1838606 Members
3244 Online
110128 Solutions
New Discussion

NFS share directory

 
Jesse Delk
Frequent Advisor

NFS share directory

I was sharing a directory /u01/exp between two HP-Ux servers.

CT1 - server trying to view the directory
CT2 - server with the directory

The server(CT2) with the directory that I was sharing, I had to power down and move to another location. I brought this server back up and I'm able to telnet into it and able to ping it from CT1.
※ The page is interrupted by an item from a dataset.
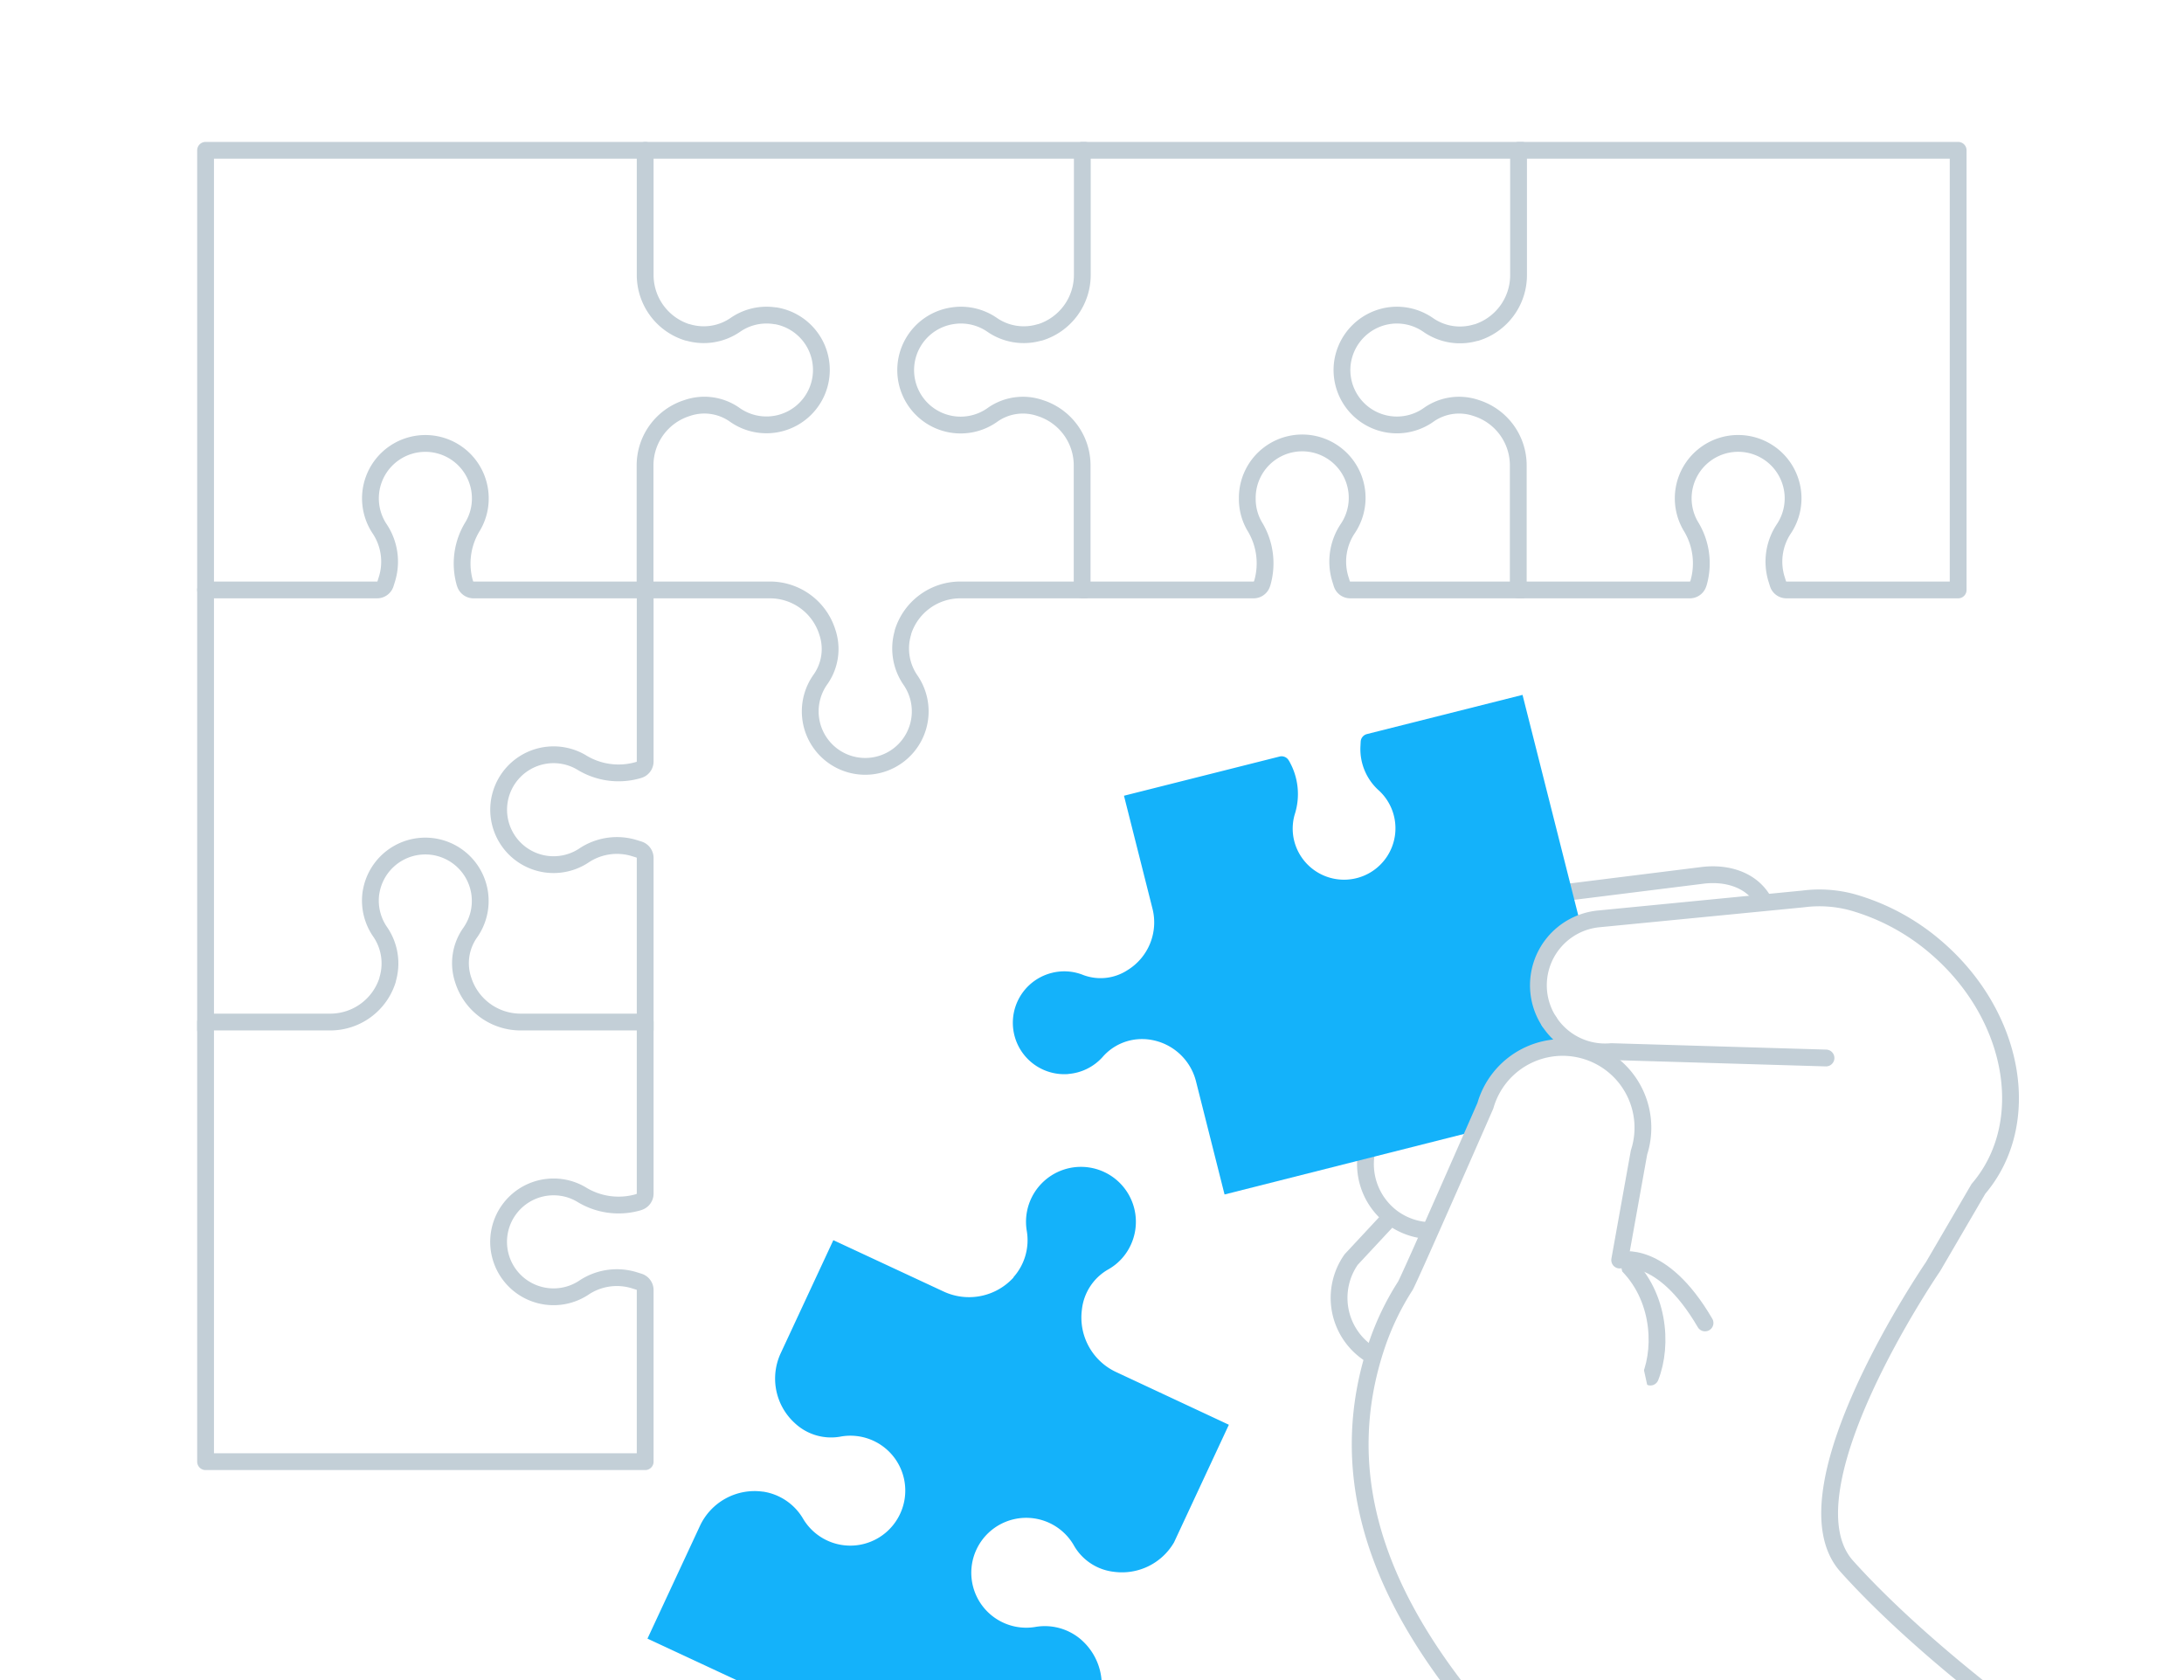 <svg xmlns="http://www.w3.org/2000/svg" xmlns:xlink="http://www.w3.org/1999/xlink" width="390" height="300" viewBox="0 0 390 300"><rect x="0" y="0" width="390" height="300" fill="#333333" stroke="none"/><defs><clipPath id="clip-path"><rect x="-0.58" y="310.07" width="390" height="299" fill="none"/></clipPath><clipPath id="clip-path-2"><rect width="390" height="300" fill="none"/></clipPath></defs><g clip-path="url(#clip-path)"><path d="M135.52,296.16c7.59,11.44,11.38,24.89,7.95,38.14-6.68,25.82-18.66,63.88,7.54,83.44" fill="none" stroke="#c5d5dc" stroke-linecap="round" stroke-linejoin="round" stroke-width="3"/><path d="M224.17,400.9c1-12.93-30.95-119.86-24.92-138" fill="none" stroke="#c5d4dc" stroke-linecap="round" stroke-linejoin="round" stroke-width="3"/></g><rect width="390" height="300" fill="#fff"/><g clip-path="url(#clip-path-2)"><path d="M36.71,105.34v78.5h78.5V153.2a1.58,1.58,0,0,0-1.1-1.5l-1-.31a10.61,10.61,0,0,0-8.94,1.44,9.81,9.81,0,1,1-.39-16.73,12.61,12.61,0,0,0,10.16,1.42l.17-.05a1.58,1.58,0,0,0,1.1-1.5V105.34" fill="#fff" stroke="#c3cfd7" stroke-linecap="round" stroke-linejoin="round" stroke-width="3"/><path d="M115.25,105.34h22.23a10.74,10.74,0,0,1,10.26,7.54h0a9.41,9.41,0,0,1-1.17,8.36,9.82,9.82,0,1,0,16.06.27,9.94,9.94,0,0,1-1.39-8.55l0-.08a10.74,10.74,0,0,1,10.26-7.54h22.22V26.84h-78.5" fill="#fff" stroke="#c3cfd7" stroke-linecap="round" stroke-linejoin="round" stroke-width="3"/><path d="M248.28,217.39l-7,7.52a11.92,11.92,0,0,0,2.87,16.57h0c.34.23.68.45,1,.65" fill="none" stroke="#c3cfd7" stroke-linecap="round" stroke-linejoin="round" stroke-width="3"/><path d="M289.59,224.9c6.78,5.79,7.39,15.29,5.12,21" fill="none" stroke="#c3cfd7" stroke-linecap="round" stroke-linejoin="round" stroke-width="3"/><path d="M289.32,225.05s7.35-2.18,15.15,11.18" fill="none" stroke="#c3cfd7" stroke-linecap="round" stroke-linejoin="round" stroke-width="3"/><path d="M254,174.53h0a11.92,11.92,0,0,1,10.32-13.27L304,156.31c4.05-.51,8.55.57,10.83,4.38" fill="none" stroke="#c3cfd7" stroke-linecap="round" stroke-linejoin="round" stroke-width="3"/><path d="M254.61,219.7a11.9,11.9,0,0,1-5.76-2.11h0A11.94,11.94,0,0,1,246,201l8-9.35" fill="none" stroke="#c3cfd7" stroke-linecap="round" stroke-linejoin="round" stroke-width="3"/><path d="M190.79,191.77a9.19,9.19,0,0,0,6.08-3,9.29,9.29,0,0,1,7.45-3.22h.07a10,10,0,0,1,9.19,7.57l5.09,20.17,71.21-18-18-71.21-27.79,7a1.48,1.48,0,0,0-1.11,1.34l-.05,1a9.91,9.91,0,0,0,3.35,7.78,9.18,9.18,0,1,1-15.16,9,9.06,9.06,0,0,1,.08-4.77,11.86,11.86,0,0,0-1-9.54l-.09-.14a1.47,1.47,0,0,0-1.61-.66l-27.79,7,5.09,20.16a10,10,0,0,1-4.49,11h0a8.79,8.79,0,0,1-7.85.86,9.07,9.07,0,0,0-5.66-.38,9.18,9.18,0,0,0,3,18.05Z" fill="#14B2FA"/><path d="M276.63,182.4a11.81,11.81,0,0,1-1.86-5.32h0a11.92,11.92,0,0,1,10.7-13l36.5-3.56h0a22.52,22.52,0,0,1,8.8.59,39.35,39.35,0,0,1,14.88,8c14.22,12.14,17.64,31.47,7.64,43.18l-8.1,13.88s-27.48,40.07-15.4,53.52S359,305.71,359,305.71v0A109.2,109.2,0,0,1,401.22,397" fill="#fff" stroke="#c3cfd7" stroke-linecap="round" stroke-linejoin="round" stroke-width="3"/><path d="M326.07,188.92l-38.33-1.14a11.9,11.9,0,0,1-11.11-5.38" fill="#fff" stroke="#c3cfd7" stroke-linecap="round" stroke-linejoin="round" stroke-width="3"/><path d="M327.14,397c-.38-19.79-6.9-38.83-21.83-51.72-29.08-25.13-74.47-60.44-59.45-105.09a47.9,47.9,0,0,1,5.07-10.55c.68-1.06,14.32-32.21,14.32-32.21a14.34,14.34,0,1,1,27.43,8.36L289.23,225" fill="#fff" stroke="#c3cfd7" stroke-linecap="round" stroke-linejoin="round" stroke-width="3"/><path d="M138.48,56.4a9.79,9.79,0,0,0-7.1,1.56,9.94,9.94,0,0,1-8.55,1.39l-.08,0a10.74,10.74,0,0,1-7.54-10.26V26.84H36.71v78.5H67.34a1.57,1.57,0,0,0,1.5-1.1l.31-1a10.58,10.58,0,0,0-1.44-8.94A9.81,9.81,0,1,1,85.77,89a9.7,9.7,0,0,1-1.33,4.93A12.65,12.65,0,0,0,83,104.07l.06.17a1.57,1.57,0,0,0,1.49,1.1h30.64V83.11a10.74,10.74,0,0,1,7.54-10.26h0A9.41,9.41,0,0,1,131.11,74a9.81,9.81,0,1,0,7.37-17.62Z" fill="#fff" stroke="#c3cfd7" stroke-linecap="round" stroke-linejoin="round" stroke-width="3"/><path d="M66.27,159.23a9.8,9.8,0,0,0,1.57,7.1,9.94,9.94,0,0,1,1.38,8.55l0,.08a10.73,10.73,0,0,1-10.25,7.54H36.71V261h78.5V230.36a1.57,1.57,0,0,0-1.1-1.49l-1-.31a10.61,10.61,0,0,0-8.94,1.43,9.81,9.81,0,1,1-5.32-18.05,9.7,9.7,0,0,1,4.93,1.33,12.65,12.65,0,0,0,10.16,1.42l.17-.06a1.57,1.57,0,0,0,1.1-1.49V182.5H93A10.75,10.75,0,0,1,82.72,175h0a9.44,9.44,0,0,1,1.17-8.36,9.81,9.81,0,1,0-17.62-7.37Z" fill="#fff" stroke="#c3cfd7" stroke-linecap="round" stroke-linejoin="round" stroke-width="3"/><path d="M170,56.4a9.8,9.8,0,0,1,7.1,1.56,9.94,9.94,0,0,0,8.55,1.39l.08,0a10.74,10.74,0,0,0,7.54-10.26V26.84h78.5v78.5H241.1a1.57,1.57,0,0,1-1.49-1.1l-.31-1a10.61,10.61,0,0,1,1.43-8.94,9.81,9.81,0,1,0-18-5.32A9.7,9.7,0,0,0,224,93.91a12.65,12.65,0,0,1,1.42,10.16l-.06.17a1.57,1.57,0,0,1-1.49,1.1H193.24V83.11a10.74,10.74,0,0,0-7.54-10.26h0A9.41,9.41,0,0,0,177.34,74,9.81,9.81,0,1,1,170,56.4Z" fill="#fff" stroke="#c3cfd7" stroke-linecap="round" stroke-linejoin="round" stroke-width="3"/><path d="M247.85,56.4A9.79,9.79,0,0,1,255,58a9.94,9.94,0,0,0,8.55,1.39l.08,0a10.74,10.74,0,0,0,7.54-10.26V26.84h78.5v78.5H319a1.57,1.57,0,0,1-1.5-1.1l-.31-1a10.58,10.58,0,0,1,1.44-8.94,9.81,9.81,0,1,0-16.73-.39,12.65,12.65,0,0,1,1.42,10.16l-.06.17a1.57,1.57,0,0,1-1.49,1.1H271.12V83.11a10.74,10.74,0,0,0-7.54-10.26h0A9.41,9.41,0,0,0,255.22,74a9.81,9.81,0,0,1-15.51-9.13A9.87,9.87,0,0,1,247.85,56.4Z" fill="#fff" stroke="#c3cfd7" stroke-linecap="round" stroke-linejoin="round" stroke-width="3"/><path d="M141.88,254.07a9.46,9.46,0,0,0,8.08,2.48,9.8,9.8,0,0,1,10.2,14.82,9.8,9.8,0,0,1-16.74-.16,10,10,0,0,0-7.17-4.86h-.08A10.76,10.76,0,0,0,125,272.45l-9.38,20.15,70.69,32.93,9.79-21a10.73,10.73,0,0,0-2.87-11.59l-.06-.06a9.92,9.92,0,0,0-8.33-2.36,9.81,9.81,0,1,1,7-14.43,9.45,9.45,0,0,0,7.09,4.58h0a10.75,10.75,0,0,0,10.72-5.26l9.79-21L199.31,245a10.74,10.74,0,0,1-6.11-11.17,9.42,9.42,0,0,1,4.58-7.09,9.64,9.64,0,0,0,4.14-4.43,9.81,9.81,0,1,0-18.58-2.59,9.92,9.92,0,0,1-2.36,8.34l0,.06a10.74,10.74,0,0,1-12.48,2.5l-19.69-9.17-9.38,20.15A10.74,10.74,0,0,0,141.88,254.07Z" fill="#14B2FA"/></g></svg>

When doing a bdf on CT1, it hangs up when it gets to the part where usually shows the shared directory.

I never umounted the directory on CT1 when I powered the CT2 server down.

Is there a service I need to restart on CT2 show that CT1 can see this directory? Is there something I need to restart on CT1?
12 REPLIES 12
Geoff Wild
Honored Contributor

Re: NFS share directory

Is it automounted or hard mounted (fstab).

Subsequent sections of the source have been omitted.